As dificuldades de atenção/concentração surgem também em doentes com demência e, especificamente, em pessoas com Doença de Alzheimer. Como estar mais preparado para as dificuldades de atenção/concentração nos casos de défices cognitivos e demência? Devem ser eliminados os fatores distrativos externos, o que possibilitará manter uma capacidade de concentração num nível elevado. Os doentes com défices cognitivos e demências devem se envolvidos nas conversas, sem estímulos externo distrativos, como outras conversas, músicas altas, ruídos elevados do trânsito ou de televisão. A progressão da demência geralmente faz com que a concentração da pessoa diminua com o tempo.

Ficam aqui algumas dicas que poderão ajudar a manter uma boa atenção/concentração:

  • Procure criar um ambiente calmo e tranquilo – Eliminar os fatores externos distrativos, não se esquecendo de procurar o consentimento da pessoa para se mudar alguma coisa no seu espaço, como fechar janelas ou desligar a televisão;
     
  • Procure criar rotinas - Estabelecer uma rotina que contenham aquilo que as pessoas gostavam, em vez de algo totalmente novo. Acordar à mesma hora, realizar as refeições no mesmo horário, realizar atividade do seu agrado, como ver um programa preferido, dar um passeio ou mesmo tomar um chá pelas 5 horas;
     
  • Procure manter atividade social - Manter as atividades sociais, tendo contactos com a família e amigos, participando em clubes sociais, culturais ou outros grupos, saindo e conversando com os seus vizinhos e amigos;
     
  • Faça algumas verificações de segurança - Nos estadios iniciais de demência pode ser uma boa ideia instalar alguns equipamentos de segurança em casa para ajudar a lidar com os lapsos de concentração. Verificar se os alarmes de incêndio estão com as baterias carregadas, as portas têm uma função de fechamento automático ou alarme. A família deve concordar em fazer contatos com o doente para ter a certeza de que está tudo bem;
     
  • Faça exercícios cognitivos - Fazer jogos de raciocínio, como palavras cruzadas, puzzles de letras e números, jogar xadrez, damas ou cartas, ler, escrever, conversar, cozinhar novos pratos ou fazer jardinagem. Exercícios cognitivos simples são ótimas formas de interagir com a família, que relatam, muitas vezes, efeitos positivos nos níveis de concentração e melhoria da qualidade de vida;
     
  • Procure usar uma comunicação clara e simples - A comunicação com uma pessoa com défices cognitivos deve seguir algumas orientações fáceis de implementar, nomeadamente, falar com essa pessoa devagar e com clareza, usar frases simples, curtas e concretas, completar as suas palavras com gestos e dizer uma mensagem de cada vez;
     
  • Procure criar um limite de escolhas - Ao tomar decisões nunca fazer com que uma pessoa com demência se sinta que lhe tiraram o controle e a autonomia. Mas, ao mesmo tempo, criar formas de limitar o número de escolhas a realizar, pois é uma forma de diminuir as dificultar de concentração e até fazer com que alguém não se sinta sobrecarregado e agitado;
     
  • Procure usar ajudas para estimular a concentração - Nos estádios iniciais da demência, usar calendários, lembretes nos telefones e agendas podem ajudar a manter tudo sob controle. 

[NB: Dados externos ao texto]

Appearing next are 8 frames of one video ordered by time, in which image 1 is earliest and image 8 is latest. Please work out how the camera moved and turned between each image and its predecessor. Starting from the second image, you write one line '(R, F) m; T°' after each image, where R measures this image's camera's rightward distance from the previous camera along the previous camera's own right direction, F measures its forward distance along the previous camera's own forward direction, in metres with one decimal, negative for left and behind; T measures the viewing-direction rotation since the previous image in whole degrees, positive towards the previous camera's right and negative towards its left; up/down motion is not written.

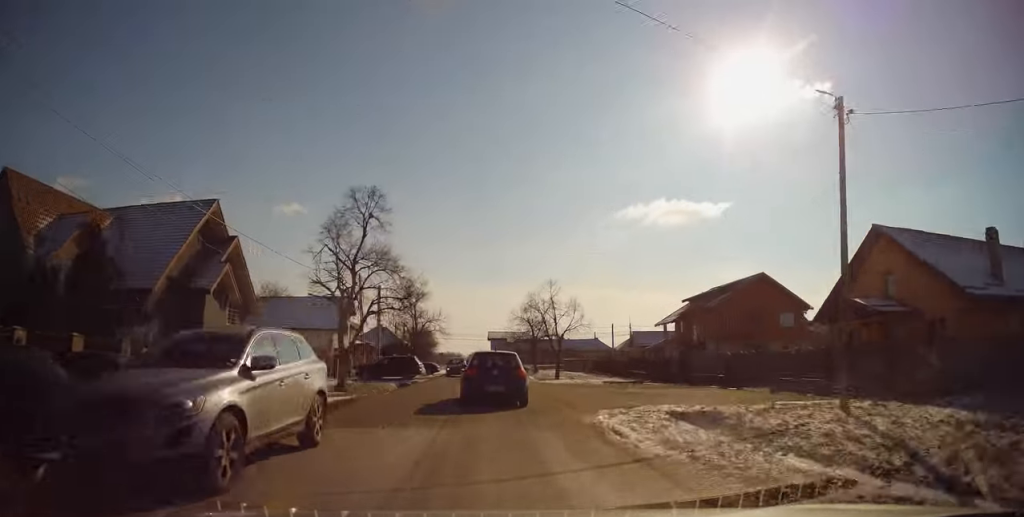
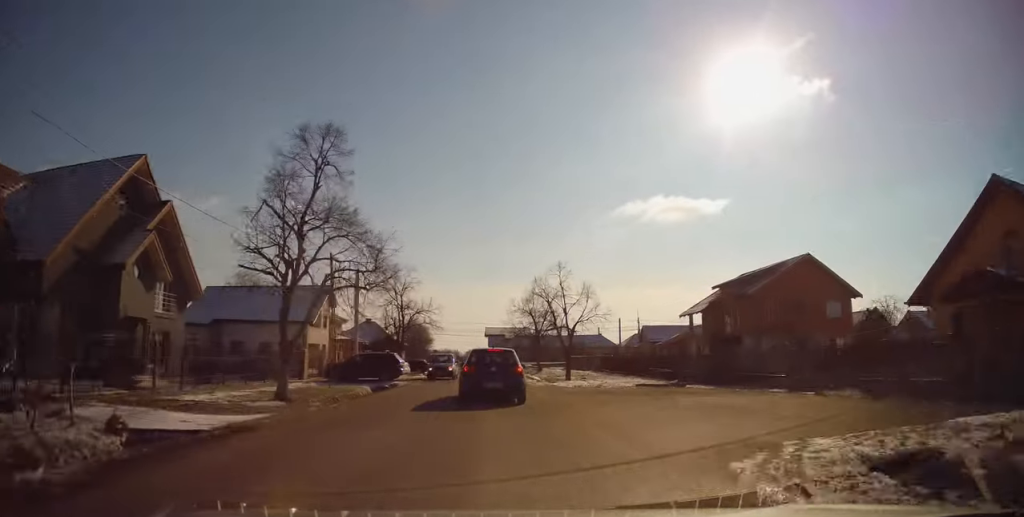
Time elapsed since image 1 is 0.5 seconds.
(+0.2, +7.6) m; 0°
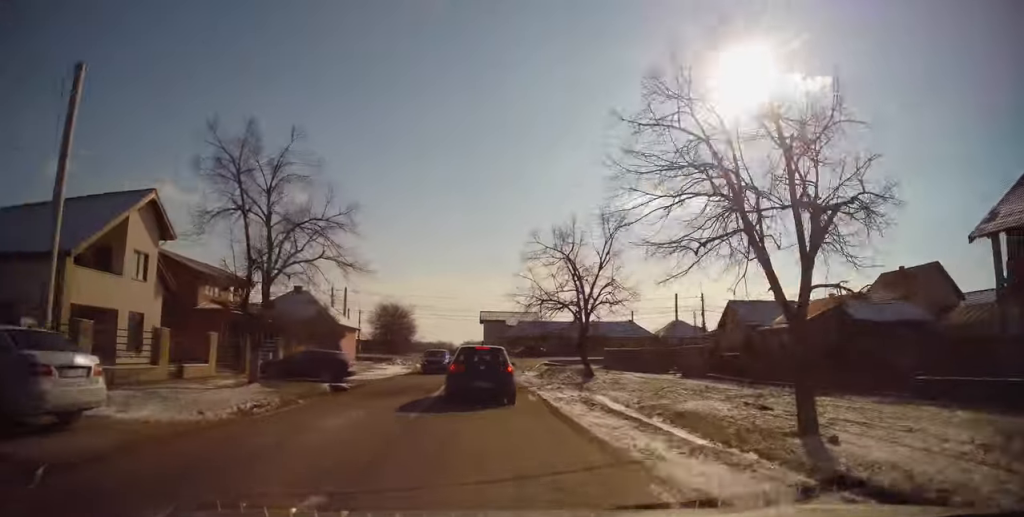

Por último, considero que a maioria das dificuldades de concentração na população geral, quando não estão associadas a outros sintomas que merecem atenção clínica, não nos devem preocupar, pois desaparecem. Está nas nossas mãos a melhoria da nossa capacidade de concentração quando conseguimos controlar o ambiente externo, com um nível de ruído aceitável, uma iluminação adequada, uma excelente temperatura que nos traz conforto, quando temos um sono regularizado, evitamos um cansaço intenso, mantemos um cérebro ativo do ponto de vista cognitivo e bons hábitos de alimentação e de exercício físico.